Where a line in the listing below contains the word "user", copy that line.

⟨

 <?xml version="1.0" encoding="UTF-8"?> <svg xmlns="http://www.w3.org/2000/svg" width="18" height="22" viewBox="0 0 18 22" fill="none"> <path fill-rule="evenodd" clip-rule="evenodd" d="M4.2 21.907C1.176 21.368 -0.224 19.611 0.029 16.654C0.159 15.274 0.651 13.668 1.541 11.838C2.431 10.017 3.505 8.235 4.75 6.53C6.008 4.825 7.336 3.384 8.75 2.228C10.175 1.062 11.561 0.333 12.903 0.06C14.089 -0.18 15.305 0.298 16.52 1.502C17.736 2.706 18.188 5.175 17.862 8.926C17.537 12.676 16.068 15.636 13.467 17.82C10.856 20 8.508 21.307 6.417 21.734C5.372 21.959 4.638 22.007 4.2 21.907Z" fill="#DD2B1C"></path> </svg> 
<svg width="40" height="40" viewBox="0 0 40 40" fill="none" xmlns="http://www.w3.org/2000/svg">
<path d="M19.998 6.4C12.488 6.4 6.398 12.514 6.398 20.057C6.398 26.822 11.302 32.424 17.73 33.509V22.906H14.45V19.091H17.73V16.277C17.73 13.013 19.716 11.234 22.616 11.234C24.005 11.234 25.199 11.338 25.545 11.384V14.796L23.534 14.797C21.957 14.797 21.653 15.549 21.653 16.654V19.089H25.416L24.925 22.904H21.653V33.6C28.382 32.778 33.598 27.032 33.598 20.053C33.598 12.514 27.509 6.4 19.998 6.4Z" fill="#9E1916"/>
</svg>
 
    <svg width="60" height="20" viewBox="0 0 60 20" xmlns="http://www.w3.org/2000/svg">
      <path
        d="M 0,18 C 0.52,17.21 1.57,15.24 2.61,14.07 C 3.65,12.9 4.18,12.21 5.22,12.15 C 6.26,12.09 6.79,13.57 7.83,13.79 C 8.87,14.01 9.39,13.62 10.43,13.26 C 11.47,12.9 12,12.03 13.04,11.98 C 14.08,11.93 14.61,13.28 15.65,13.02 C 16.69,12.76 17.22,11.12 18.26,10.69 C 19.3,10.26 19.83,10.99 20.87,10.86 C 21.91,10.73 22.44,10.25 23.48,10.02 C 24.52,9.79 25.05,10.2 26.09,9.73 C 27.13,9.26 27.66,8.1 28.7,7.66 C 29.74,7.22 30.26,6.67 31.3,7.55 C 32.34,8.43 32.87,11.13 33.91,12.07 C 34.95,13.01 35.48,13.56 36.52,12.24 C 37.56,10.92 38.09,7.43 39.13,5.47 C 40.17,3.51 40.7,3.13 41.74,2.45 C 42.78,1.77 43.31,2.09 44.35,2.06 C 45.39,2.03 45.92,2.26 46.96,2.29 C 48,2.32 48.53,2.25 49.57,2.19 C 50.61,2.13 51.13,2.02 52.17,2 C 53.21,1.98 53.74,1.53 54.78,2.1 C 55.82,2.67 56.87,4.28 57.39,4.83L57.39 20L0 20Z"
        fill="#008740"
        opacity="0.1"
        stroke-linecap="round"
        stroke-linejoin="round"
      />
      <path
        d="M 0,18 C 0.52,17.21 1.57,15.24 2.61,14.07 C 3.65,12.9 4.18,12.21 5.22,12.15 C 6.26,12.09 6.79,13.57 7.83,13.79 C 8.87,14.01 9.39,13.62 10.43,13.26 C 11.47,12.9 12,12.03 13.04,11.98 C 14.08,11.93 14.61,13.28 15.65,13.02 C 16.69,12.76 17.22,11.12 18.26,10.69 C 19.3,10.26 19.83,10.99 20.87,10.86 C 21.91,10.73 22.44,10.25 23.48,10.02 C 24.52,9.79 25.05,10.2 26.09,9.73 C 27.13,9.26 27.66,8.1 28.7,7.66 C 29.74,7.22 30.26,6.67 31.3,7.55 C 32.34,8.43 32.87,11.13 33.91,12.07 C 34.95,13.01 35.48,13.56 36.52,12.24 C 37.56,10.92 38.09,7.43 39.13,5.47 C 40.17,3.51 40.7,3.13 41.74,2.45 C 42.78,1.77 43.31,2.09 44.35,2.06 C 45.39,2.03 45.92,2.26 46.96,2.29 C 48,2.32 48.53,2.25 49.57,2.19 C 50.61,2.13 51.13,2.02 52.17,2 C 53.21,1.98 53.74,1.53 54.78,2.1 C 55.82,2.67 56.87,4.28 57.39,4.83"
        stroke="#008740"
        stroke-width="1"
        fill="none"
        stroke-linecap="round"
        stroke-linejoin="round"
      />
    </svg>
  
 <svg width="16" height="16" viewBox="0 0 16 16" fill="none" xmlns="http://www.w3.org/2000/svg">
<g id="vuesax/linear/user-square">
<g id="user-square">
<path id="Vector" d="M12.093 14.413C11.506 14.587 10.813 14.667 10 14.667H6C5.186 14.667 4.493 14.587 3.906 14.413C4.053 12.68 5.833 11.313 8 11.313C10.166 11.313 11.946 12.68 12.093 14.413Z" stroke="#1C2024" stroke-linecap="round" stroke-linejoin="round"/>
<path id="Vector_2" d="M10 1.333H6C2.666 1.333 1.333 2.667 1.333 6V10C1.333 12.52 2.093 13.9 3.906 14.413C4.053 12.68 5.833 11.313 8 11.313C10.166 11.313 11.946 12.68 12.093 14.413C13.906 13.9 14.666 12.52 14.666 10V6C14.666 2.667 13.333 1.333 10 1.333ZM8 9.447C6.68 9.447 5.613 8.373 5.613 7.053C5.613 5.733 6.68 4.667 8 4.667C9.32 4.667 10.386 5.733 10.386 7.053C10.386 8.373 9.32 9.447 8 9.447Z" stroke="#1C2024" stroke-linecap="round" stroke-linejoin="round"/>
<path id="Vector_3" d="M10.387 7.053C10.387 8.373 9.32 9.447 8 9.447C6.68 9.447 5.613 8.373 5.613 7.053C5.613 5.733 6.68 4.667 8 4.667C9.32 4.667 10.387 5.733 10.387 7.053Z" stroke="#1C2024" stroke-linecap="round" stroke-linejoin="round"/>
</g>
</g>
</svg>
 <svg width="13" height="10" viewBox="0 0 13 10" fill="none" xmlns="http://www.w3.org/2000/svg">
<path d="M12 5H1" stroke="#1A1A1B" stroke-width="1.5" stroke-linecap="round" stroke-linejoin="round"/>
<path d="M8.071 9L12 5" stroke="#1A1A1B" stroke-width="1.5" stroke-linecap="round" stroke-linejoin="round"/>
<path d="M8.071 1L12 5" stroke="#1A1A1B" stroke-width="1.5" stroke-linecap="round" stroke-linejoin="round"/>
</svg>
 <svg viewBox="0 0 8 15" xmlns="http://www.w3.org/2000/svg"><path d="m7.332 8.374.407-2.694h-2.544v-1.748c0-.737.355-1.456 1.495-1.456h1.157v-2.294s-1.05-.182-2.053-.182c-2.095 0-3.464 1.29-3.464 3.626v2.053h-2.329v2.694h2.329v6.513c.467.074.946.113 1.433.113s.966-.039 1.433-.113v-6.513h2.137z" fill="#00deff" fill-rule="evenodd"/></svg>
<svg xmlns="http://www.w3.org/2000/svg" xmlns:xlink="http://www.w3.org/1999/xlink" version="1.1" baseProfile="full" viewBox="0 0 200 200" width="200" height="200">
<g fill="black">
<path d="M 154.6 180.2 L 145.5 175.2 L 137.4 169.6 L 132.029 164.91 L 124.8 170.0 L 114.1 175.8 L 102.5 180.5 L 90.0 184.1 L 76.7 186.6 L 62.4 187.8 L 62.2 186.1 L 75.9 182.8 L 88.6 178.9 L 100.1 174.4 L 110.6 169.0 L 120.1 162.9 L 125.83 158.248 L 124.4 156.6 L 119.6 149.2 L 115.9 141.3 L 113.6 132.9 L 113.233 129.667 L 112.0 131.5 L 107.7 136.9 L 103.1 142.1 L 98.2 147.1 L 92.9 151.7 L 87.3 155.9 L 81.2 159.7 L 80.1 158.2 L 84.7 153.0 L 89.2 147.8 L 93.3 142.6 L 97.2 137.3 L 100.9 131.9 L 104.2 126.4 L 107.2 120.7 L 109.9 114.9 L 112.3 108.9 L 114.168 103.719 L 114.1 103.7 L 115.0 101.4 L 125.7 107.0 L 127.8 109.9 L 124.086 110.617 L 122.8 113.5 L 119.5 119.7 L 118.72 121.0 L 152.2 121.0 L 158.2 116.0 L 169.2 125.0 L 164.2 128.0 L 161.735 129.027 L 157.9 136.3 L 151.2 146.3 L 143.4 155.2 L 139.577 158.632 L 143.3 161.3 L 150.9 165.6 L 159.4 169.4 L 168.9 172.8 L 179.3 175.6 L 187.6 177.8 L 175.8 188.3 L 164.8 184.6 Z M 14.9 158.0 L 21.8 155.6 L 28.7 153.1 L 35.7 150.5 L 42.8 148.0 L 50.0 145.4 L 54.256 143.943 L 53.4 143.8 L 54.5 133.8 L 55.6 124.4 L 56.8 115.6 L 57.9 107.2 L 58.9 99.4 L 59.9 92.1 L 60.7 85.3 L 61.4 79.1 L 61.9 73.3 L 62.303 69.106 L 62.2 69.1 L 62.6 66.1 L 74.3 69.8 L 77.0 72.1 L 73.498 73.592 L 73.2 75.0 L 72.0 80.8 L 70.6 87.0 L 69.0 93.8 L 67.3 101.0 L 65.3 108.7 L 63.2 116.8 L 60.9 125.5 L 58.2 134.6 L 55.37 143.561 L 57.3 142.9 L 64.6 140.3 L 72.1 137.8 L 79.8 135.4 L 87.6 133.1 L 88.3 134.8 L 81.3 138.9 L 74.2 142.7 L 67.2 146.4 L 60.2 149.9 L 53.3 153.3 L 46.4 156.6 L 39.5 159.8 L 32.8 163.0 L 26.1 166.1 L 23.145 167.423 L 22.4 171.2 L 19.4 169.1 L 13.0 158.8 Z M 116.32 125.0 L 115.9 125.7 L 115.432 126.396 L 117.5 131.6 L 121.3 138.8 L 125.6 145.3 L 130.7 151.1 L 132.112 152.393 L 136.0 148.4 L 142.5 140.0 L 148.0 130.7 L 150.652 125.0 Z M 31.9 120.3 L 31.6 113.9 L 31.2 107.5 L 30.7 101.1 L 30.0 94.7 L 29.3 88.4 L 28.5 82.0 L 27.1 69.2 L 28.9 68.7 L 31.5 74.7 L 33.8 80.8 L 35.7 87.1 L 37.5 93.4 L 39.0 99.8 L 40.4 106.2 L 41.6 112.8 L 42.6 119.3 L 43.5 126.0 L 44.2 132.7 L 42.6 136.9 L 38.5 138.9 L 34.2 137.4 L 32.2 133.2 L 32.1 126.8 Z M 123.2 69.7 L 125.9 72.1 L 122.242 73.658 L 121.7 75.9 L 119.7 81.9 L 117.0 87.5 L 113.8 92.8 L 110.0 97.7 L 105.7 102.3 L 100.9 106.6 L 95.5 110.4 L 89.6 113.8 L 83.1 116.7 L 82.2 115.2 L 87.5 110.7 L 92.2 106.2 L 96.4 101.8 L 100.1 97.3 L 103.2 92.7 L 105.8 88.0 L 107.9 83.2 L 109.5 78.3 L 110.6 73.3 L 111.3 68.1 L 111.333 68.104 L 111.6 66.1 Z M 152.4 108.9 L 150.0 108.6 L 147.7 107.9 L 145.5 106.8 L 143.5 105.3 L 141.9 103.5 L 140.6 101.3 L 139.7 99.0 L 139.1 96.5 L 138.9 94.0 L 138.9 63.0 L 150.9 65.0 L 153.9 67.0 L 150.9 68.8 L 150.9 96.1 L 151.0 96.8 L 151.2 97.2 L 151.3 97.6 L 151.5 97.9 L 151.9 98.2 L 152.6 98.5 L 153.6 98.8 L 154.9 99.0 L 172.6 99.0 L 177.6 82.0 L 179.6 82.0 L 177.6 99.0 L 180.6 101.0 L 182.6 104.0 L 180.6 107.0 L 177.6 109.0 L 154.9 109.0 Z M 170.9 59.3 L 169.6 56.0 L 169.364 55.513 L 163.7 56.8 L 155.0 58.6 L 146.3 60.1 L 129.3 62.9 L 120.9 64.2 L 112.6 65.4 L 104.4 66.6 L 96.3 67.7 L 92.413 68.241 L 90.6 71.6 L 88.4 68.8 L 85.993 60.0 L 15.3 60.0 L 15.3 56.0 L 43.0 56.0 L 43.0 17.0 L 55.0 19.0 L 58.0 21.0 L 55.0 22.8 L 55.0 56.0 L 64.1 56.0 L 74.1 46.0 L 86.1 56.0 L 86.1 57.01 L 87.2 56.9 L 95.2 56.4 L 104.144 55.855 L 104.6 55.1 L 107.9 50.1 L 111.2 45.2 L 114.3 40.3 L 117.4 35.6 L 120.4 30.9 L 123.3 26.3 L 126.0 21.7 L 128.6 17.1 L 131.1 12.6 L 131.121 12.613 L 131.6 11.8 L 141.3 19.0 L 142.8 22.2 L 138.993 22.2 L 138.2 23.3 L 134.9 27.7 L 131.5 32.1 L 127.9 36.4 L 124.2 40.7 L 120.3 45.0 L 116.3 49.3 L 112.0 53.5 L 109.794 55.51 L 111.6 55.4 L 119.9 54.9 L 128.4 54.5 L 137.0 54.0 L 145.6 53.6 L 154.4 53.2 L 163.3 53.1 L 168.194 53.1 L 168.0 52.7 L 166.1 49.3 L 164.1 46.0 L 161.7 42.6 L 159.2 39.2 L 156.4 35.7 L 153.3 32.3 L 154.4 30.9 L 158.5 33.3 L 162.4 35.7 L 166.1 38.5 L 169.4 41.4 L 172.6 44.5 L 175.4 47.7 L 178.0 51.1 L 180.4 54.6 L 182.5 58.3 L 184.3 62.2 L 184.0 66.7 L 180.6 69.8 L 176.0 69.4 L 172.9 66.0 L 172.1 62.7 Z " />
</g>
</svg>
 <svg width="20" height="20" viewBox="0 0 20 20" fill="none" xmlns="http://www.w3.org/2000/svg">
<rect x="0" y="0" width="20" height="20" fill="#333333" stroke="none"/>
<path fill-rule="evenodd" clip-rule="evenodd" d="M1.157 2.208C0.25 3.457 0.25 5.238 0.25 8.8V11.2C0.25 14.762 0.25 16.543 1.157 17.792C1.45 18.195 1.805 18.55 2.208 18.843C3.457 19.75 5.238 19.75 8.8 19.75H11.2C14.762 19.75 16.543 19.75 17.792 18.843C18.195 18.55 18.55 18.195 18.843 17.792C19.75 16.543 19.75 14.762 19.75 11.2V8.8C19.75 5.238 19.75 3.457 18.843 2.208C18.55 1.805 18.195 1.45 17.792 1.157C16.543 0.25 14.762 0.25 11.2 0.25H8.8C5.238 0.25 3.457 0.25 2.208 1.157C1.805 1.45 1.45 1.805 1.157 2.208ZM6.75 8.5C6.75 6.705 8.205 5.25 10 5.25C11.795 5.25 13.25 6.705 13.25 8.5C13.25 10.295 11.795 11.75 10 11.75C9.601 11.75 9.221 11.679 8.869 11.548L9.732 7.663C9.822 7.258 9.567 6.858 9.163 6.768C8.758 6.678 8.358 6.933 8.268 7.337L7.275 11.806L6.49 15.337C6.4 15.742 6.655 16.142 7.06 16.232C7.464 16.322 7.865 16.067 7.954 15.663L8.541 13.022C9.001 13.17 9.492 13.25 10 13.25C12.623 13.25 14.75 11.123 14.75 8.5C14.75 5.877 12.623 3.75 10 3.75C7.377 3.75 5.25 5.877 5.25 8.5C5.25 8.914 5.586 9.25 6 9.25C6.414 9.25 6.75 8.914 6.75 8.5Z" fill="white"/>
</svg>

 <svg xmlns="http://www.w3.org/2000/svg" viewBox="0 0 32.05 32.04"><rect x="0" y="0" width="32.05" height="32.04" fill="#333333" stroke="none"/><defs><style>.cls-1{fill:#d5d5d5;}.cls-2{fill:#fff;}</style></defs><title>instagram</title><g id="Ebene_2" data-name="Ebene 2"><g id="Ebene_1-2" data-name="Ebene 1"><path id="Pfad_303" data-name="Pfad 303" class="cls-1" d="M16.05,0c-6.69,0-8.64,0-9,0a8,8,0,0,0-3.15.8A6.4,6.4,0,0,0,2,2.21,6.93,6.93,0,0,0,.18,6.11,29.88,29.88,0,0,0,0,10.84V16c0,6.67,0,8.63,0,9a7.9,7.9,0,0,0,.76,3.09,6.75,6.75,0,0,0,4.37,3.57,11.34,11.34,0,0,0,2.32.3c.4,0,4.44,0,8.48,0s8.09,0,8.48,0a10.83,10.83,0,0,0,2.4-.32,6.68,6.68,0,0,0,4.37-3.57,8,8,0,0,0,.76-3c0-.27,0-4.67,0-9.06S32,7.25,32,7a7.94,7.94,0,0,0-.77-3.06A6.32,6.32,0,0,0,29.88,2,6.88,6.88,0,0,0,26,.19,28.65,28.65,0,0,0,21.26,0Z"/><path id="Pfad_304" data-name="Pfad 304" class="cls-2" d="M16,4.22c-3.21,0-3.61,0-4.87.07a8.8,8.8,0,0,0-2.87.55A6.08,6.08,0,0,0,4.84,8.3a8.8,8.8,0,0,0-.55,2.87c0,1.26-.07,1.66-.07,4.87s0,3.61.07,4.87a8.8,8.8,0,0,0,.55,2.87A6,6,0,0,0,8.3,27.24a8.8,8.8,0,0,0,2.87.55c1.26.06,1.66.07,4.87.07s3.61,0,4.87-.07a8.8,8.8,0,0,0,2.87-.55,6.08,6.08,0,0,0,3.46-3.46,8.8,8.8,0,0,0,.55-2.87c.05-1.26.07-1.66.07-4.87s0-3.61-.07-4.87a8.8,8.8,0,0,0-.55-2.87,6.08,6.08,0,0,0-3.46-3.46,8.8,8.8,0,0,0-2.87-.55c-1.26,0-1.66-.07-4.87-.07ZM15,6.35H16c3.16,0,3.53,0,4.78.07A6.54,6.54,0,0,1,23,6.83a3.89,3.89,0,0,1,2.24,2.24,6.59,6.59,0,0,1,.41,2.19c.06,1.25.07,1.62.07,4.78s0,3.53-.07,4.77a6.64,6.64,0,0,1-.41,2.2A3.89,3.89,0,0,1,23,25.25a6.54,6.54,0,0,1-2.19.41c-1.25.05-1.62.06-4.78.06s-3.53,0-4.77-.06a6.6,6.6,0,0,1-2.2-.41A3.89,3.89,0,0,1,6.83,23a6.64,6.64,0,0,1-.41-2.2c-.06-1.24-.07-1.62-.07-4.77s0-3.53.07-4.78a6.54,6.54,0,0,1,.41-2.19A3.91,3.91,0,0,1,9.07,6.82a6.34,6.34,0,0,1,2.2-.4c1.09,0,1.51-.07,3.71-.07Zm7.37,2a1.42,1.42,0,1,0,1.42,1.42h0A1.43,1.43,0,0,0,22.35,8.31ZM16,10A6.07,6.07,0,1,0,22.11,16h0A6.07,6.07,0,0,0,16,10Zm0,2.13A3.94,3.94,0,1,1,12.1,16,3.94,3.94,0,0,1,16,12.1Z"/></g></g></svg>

⟩

- **OUTPUT OF THE TASK**:
<g id="vuesax/linear/user-square">
<g id="user-square">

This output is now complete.